■ WORK REQUIRED:
Below are records that contain pictures; transcribe the text exactly and omit the pictures.
SUPPLIED DATA START
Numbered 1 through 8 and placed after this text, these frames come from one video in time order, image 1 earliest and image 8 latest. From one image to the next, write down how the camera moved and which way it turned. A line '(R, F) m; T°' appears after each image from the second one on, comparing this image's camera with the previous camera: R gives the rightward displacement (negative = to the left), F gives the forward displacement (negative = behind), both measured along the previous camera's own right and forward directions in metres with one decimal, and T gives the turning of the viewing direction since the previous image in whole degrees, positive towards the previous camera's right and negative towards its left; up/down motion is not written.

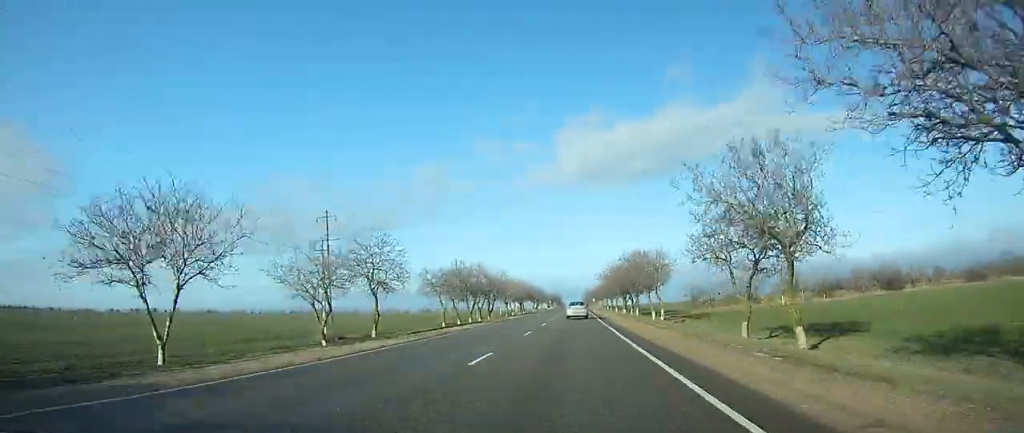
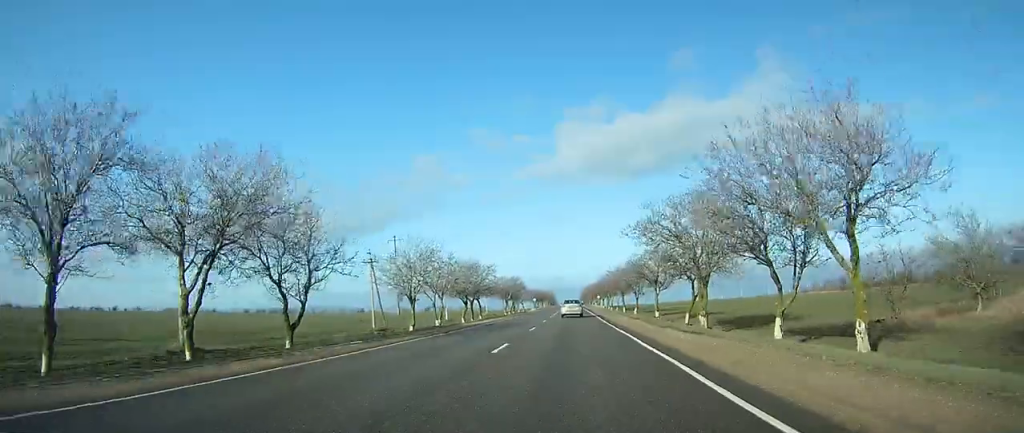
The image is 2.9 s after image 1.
(+0.9, +72.1) m; +1°
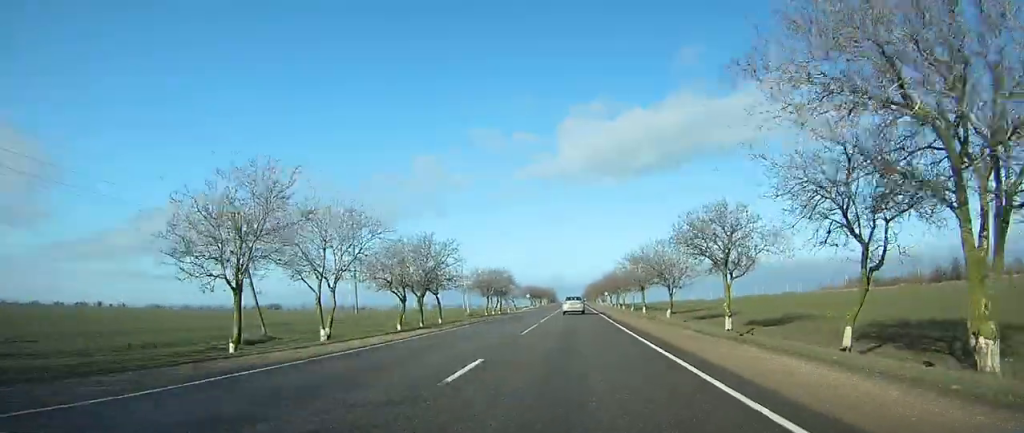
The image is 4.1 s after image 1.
(0.0, +29.8) m; 0°
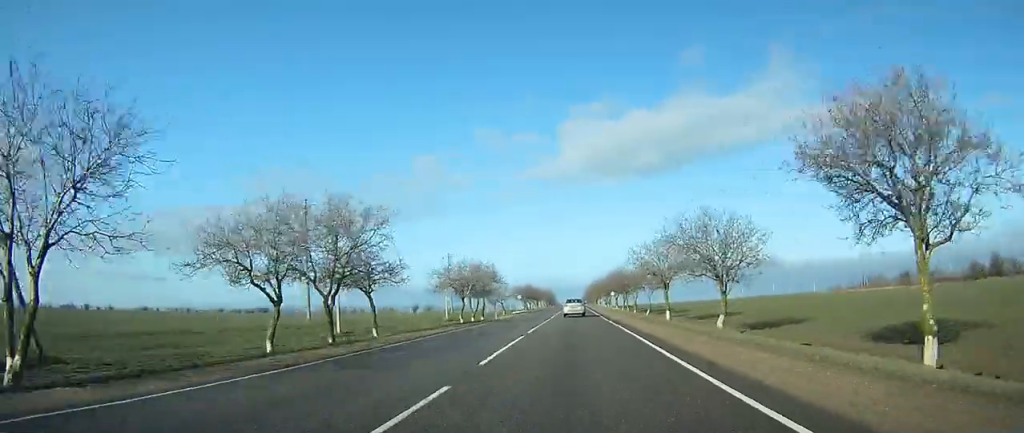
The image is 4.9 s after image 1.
(+0.1, +21.3) m; 0°
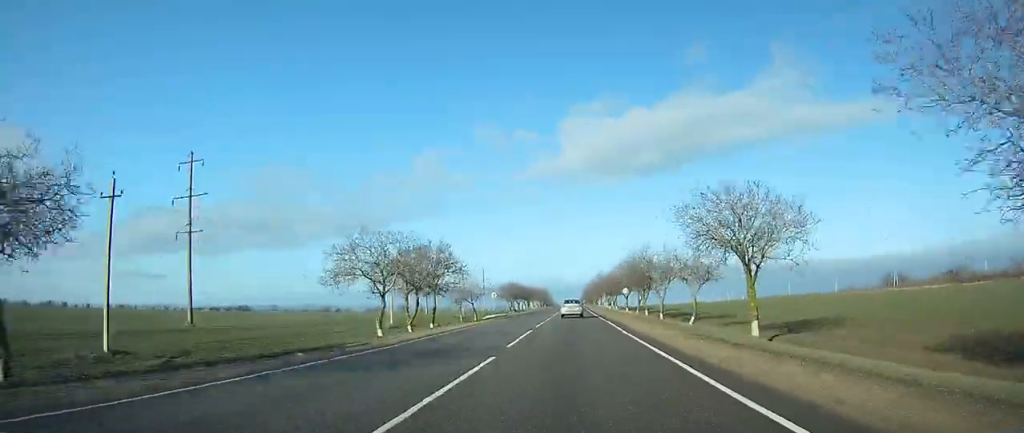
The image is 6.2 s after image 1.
(+0.1, +31.0) m; 0°
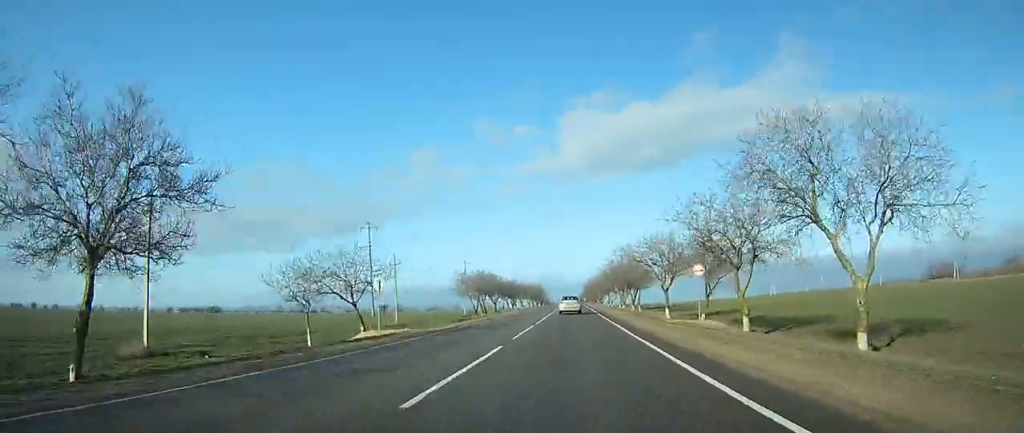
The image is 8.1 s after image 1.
(0.0, +45.4) m; 0°
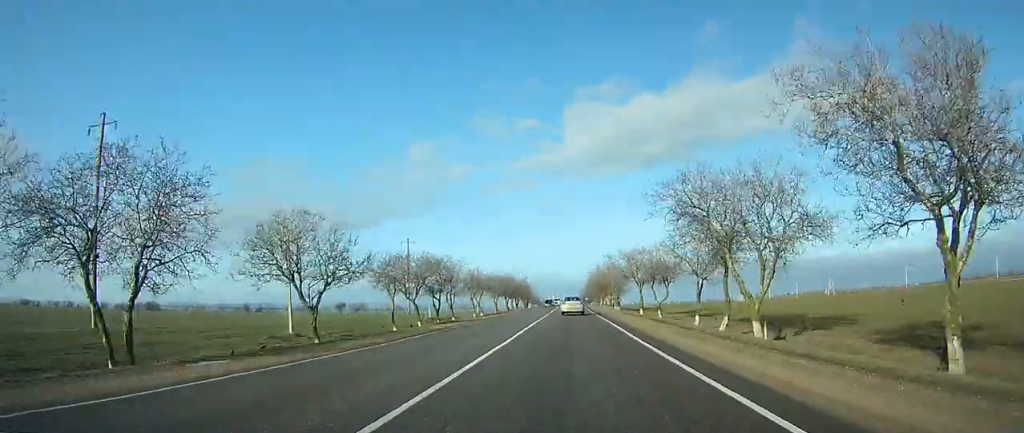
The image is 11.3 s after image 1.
(+0.4, +77.6) m; 0°
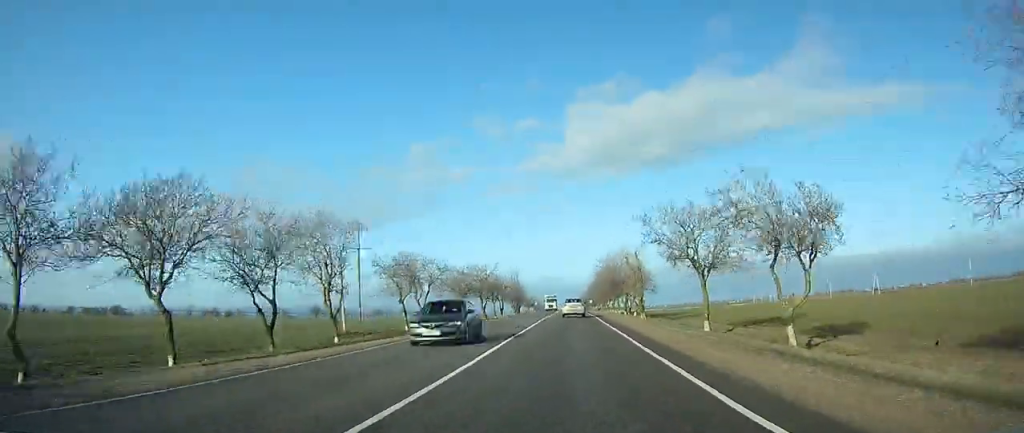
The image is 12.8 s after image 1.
(0.0, +37.1) m; 0°
SUPPLIED DATA END
■ EXPECTED ANSWER:
Numbered 1 through 8 and placed after this text, these frames come from one video in time order, image 1 earliest and image 8 latest. From one image to the next, write down how the camera moved and which way it turned. A line '(R, F) m; T°' appears after each image from the second one on, comparing this image's camera with the previous camera: R gives the rightward displacement (negative = to the left), F gives the forward displacement (negative = behind), both measured along the previous camera's own right and forward directions in metres with one decimal, and T gives the turning of the viewing direction since the previous image in whole degrees, positive towards the previous camera's right and negative towards its left; up/down motion is not written.

The image is 2.9 s after image 1.
(+0.9, +72.1) m; +1°
The image is 4.1 s after image 1.
(0.0, +29.8) m; 0°
The image is 4.9 s after image 1.
(+0.1, +21.3) m; 0°
The image is 6.2 s after image 1.
(+0.1, +31.0) m; 0°
The image is 8.1 s after image 1.
(0.0, +45.4) m; 0°
The image is 11.3 s after image 1.
(+0.4, +77.6) m; 0°
The image is 12.8 s after image 1.
(0.0, +37.1) m; 0°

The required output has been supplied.